Directions: Transcribe exactly the entries from the "5.2 seconds after image 1 was captured." line to the end, both included, minus pictures.

Dataset excerpts

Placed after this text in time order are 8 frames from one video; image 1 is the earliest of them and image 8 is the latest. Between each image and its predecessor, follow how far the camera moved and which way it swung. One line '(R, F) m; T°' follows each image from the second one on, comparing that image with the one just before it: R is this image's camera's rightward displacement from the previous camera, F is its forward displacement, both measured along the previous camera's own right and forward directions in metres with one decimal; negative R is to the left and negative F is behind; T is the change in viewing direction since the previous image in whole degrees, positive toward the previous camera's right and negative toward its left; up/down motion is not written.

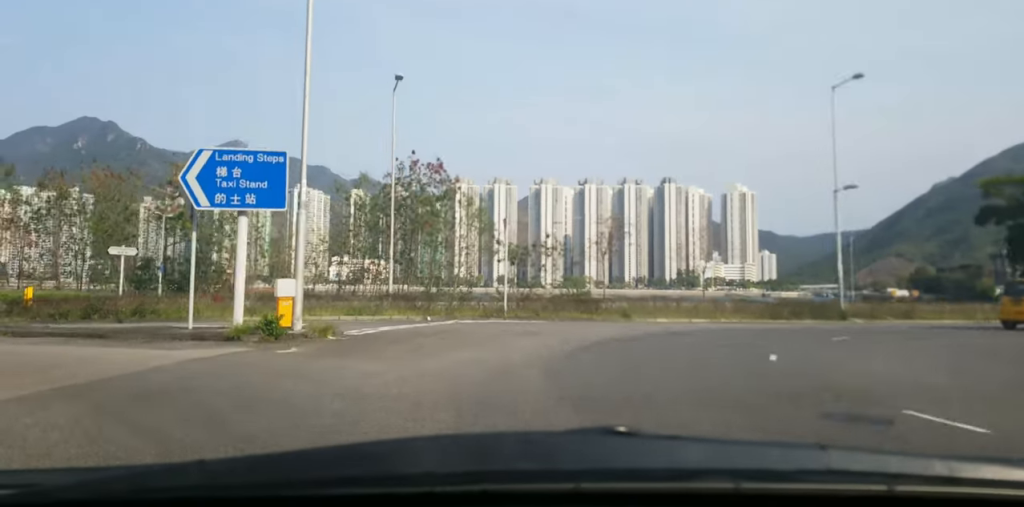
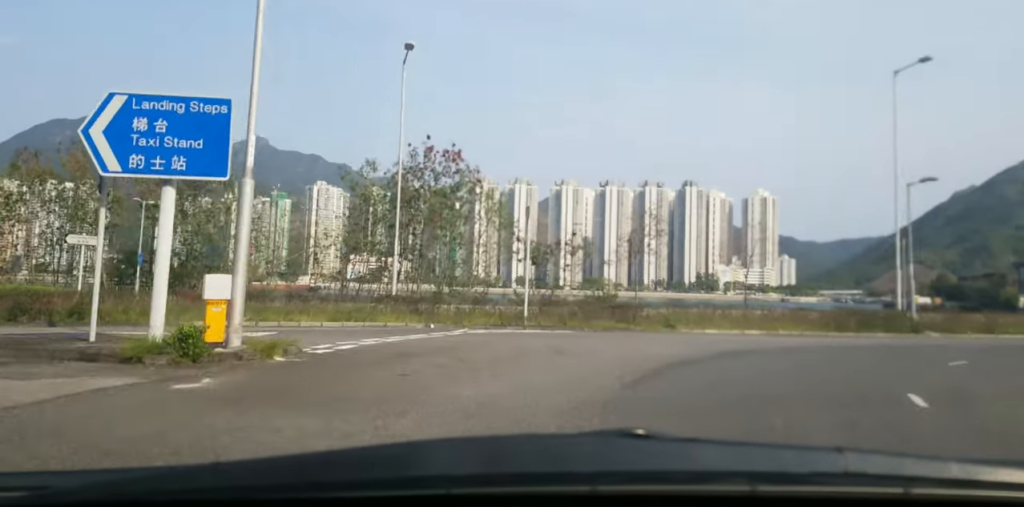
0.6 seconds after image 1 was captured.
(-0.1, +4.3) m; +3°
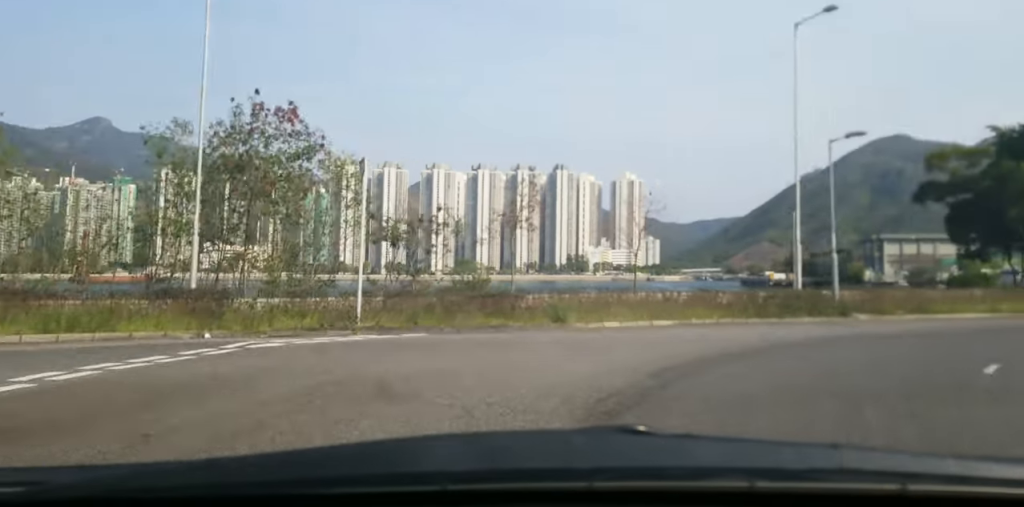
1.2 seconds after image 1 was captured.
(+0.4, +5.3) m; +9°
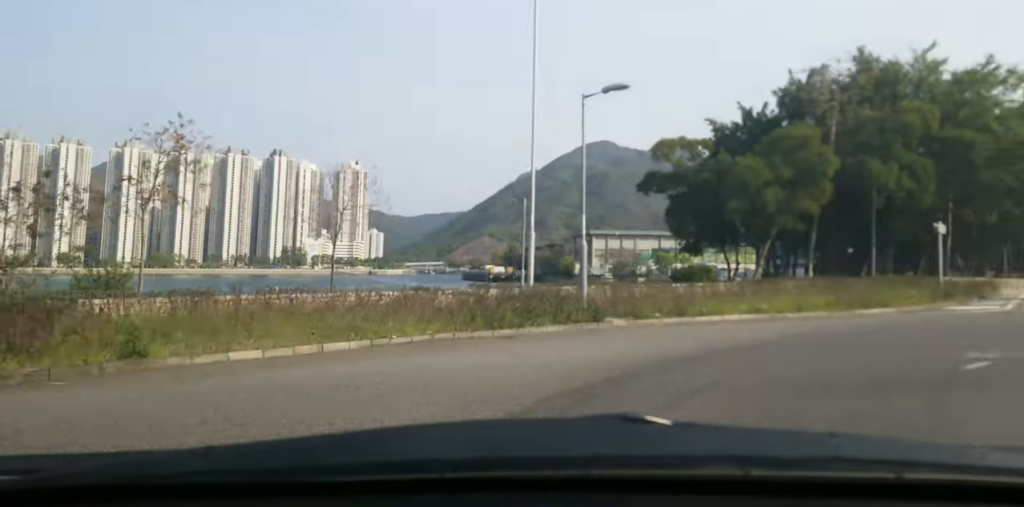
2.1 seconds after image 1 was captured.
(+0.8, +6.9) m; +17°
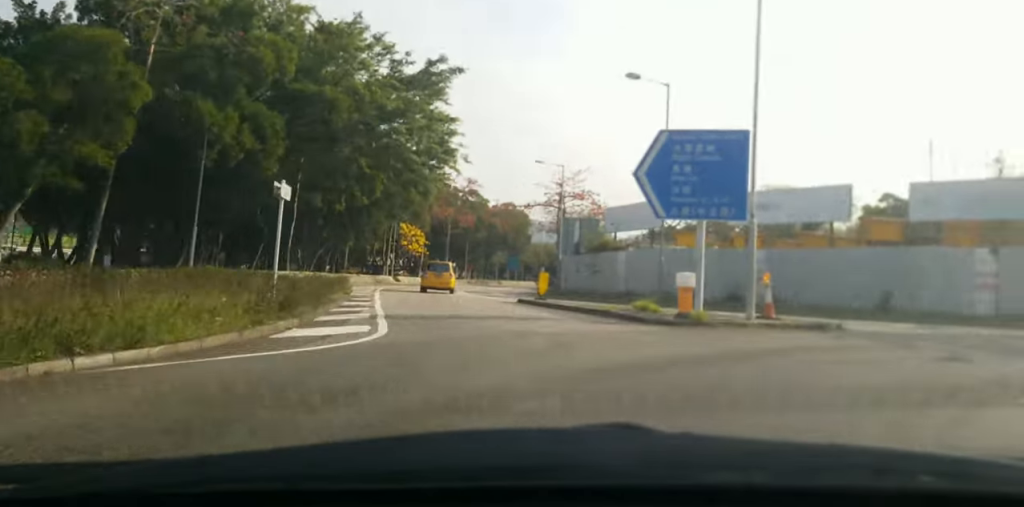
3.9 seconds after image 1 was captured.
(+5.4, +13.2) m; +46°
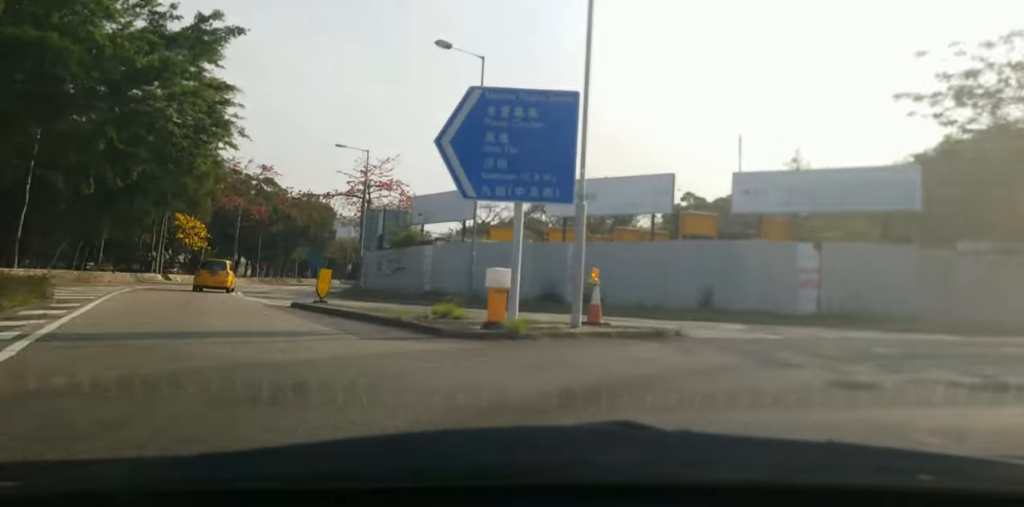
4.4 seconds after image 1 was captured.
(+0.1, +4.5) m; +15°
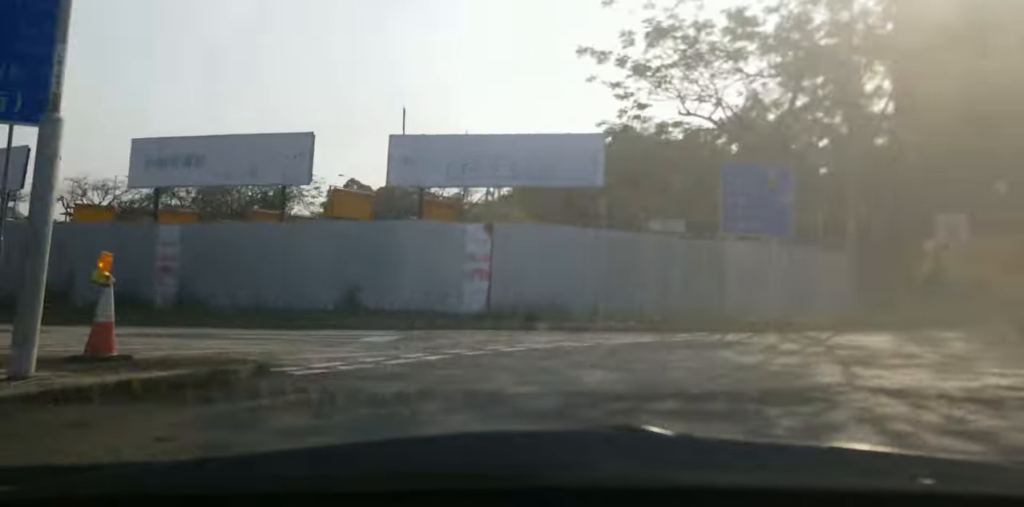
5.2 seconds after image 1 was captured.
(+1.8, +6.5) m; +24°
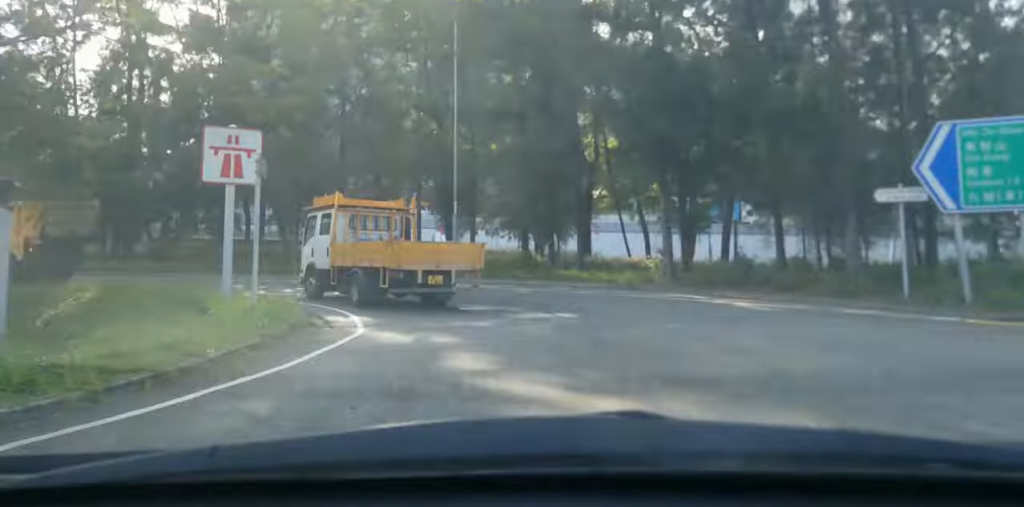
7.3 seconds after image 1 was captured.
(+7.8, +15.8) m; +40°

Finished task:
5.2 seconds after image 1 was captured.
(+1.8, +6.5) m; +24°
7.3 seconds after image 1 was captured.
(+7.8, +15.8) m; +40°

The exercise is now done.